- [EXERCISE REQUIREMENTS]
Extract the text of each entry below exactly, leaving every image behind.

[Stored dataset items]
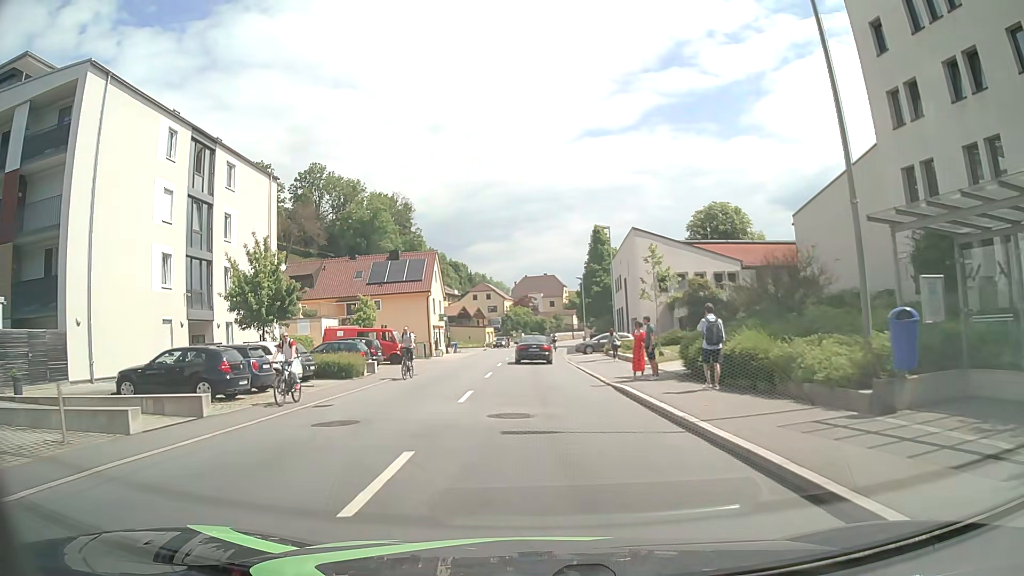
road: tertiary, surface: asphalt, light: Day
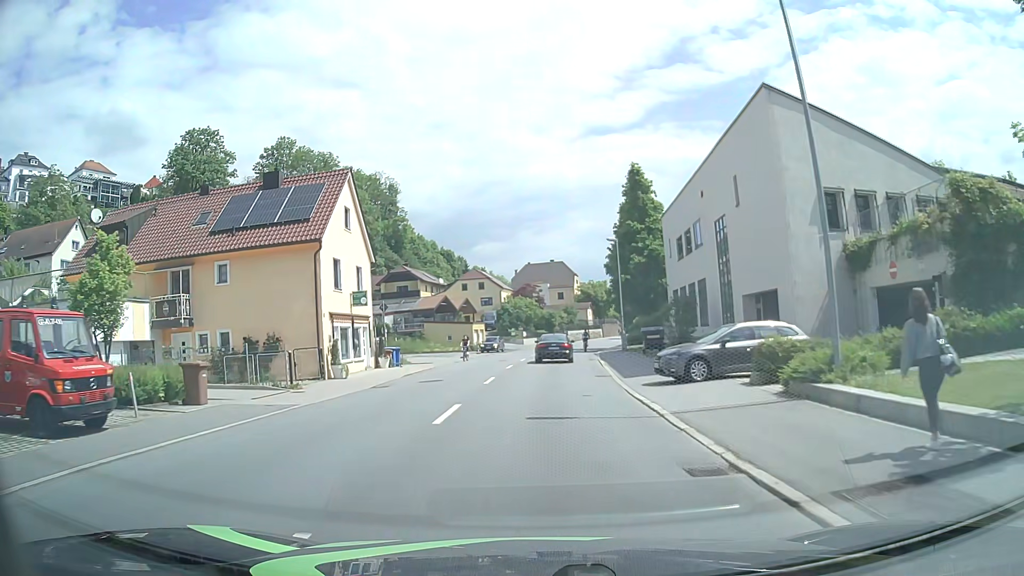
(-0.1, +30.7) m; 0°
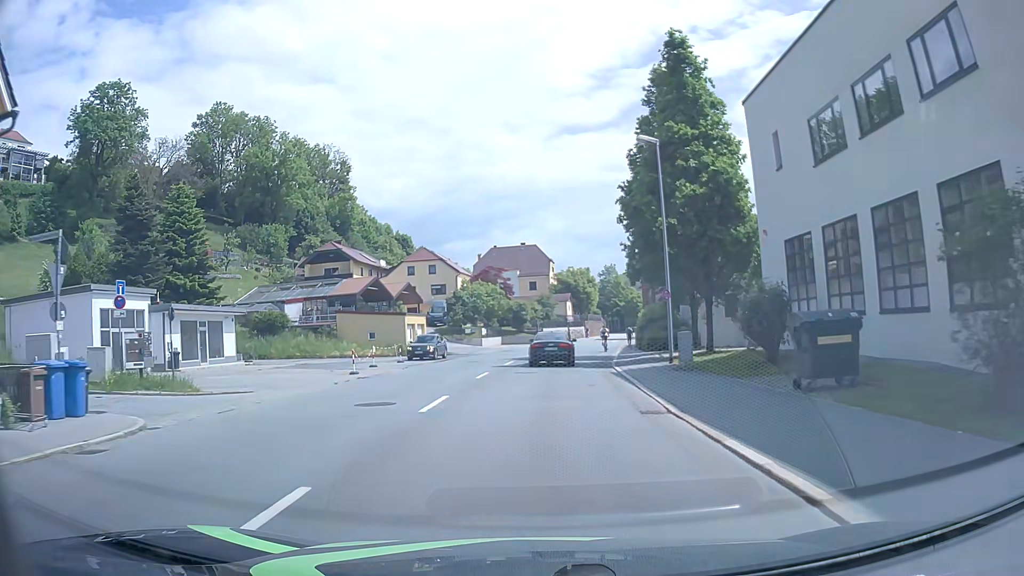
(+0.5, +25.7) m; +3°
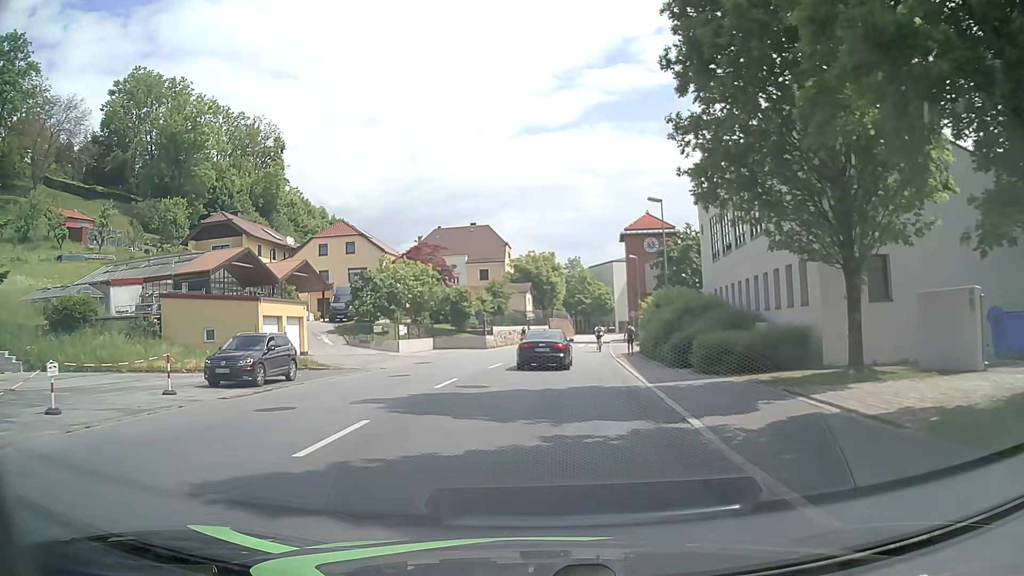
(+0.5, +22.4) m; +4°
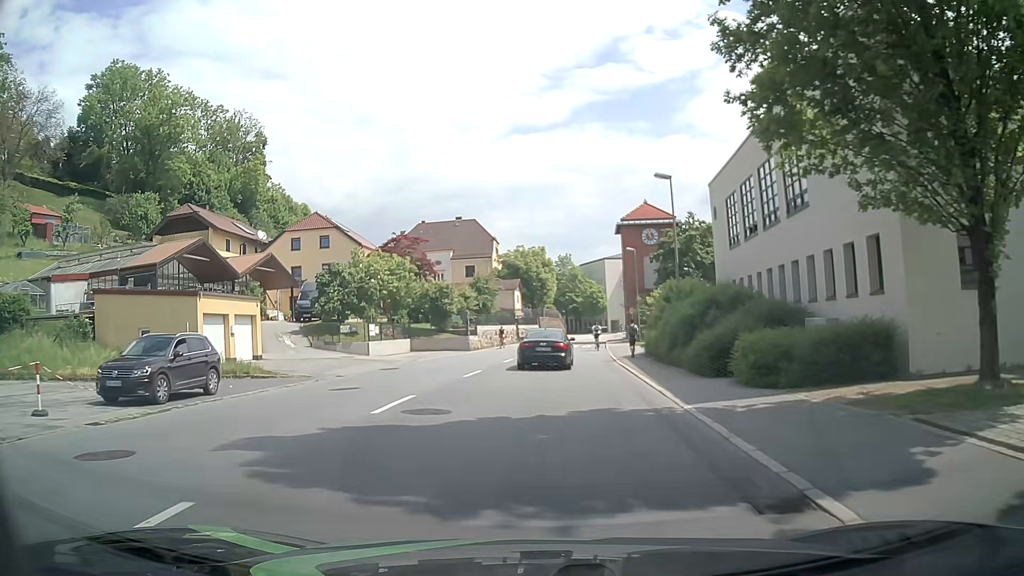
(0.0, +5.3) m; 0°
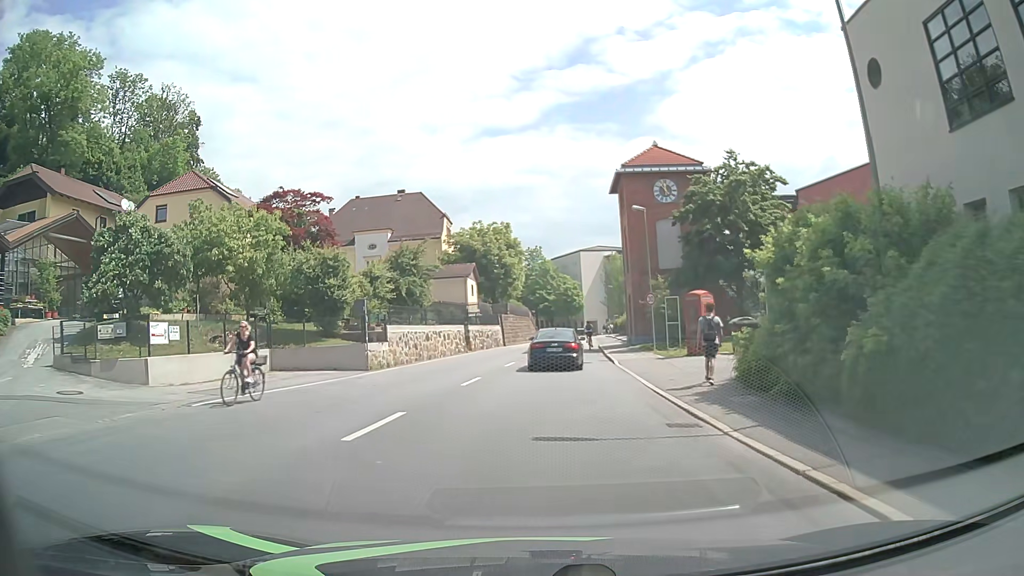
(+0.5, +20.5) m; +3°
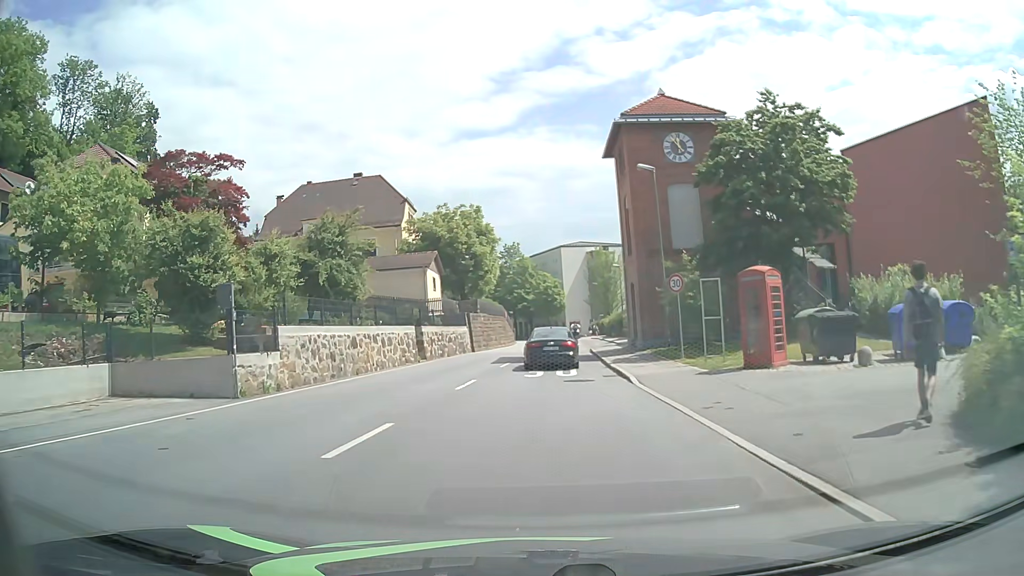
(+0.1, +9.9) m; +2°
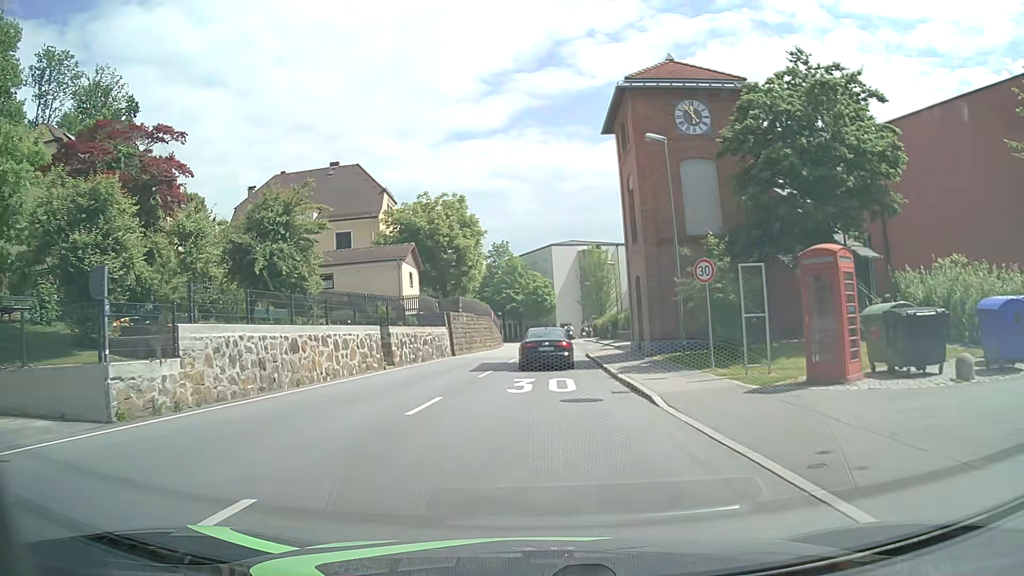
(0.0, +4.9) m; 0°
(0, +10) (0, +20) (+1, +30) (+1, +40) (+2, +50) (+2, +60) (+2, +70) (+2, +80) (+2, +90) (+1, +100) m

- [ANSWER BELOW]
road: tertiary, surface: asphalt, light: Day
(-0.1, +30.7) m; 0°
(+0.5, +25.7) m; +3°
(+0.5, +22.4) m; +4°
(0.0, +5.3) m; 0°
(+0.5, +20.5) m; +3°
(+0.1, +9.9) m; +2°
(0.0, +4.9) m; 0°
(0, +10) (0, +20) (+1, +30) (+1, +40) (+2, +50) (+2, +60) (+2, +70) (+2, +80) (+2, +90) (+1, +100) m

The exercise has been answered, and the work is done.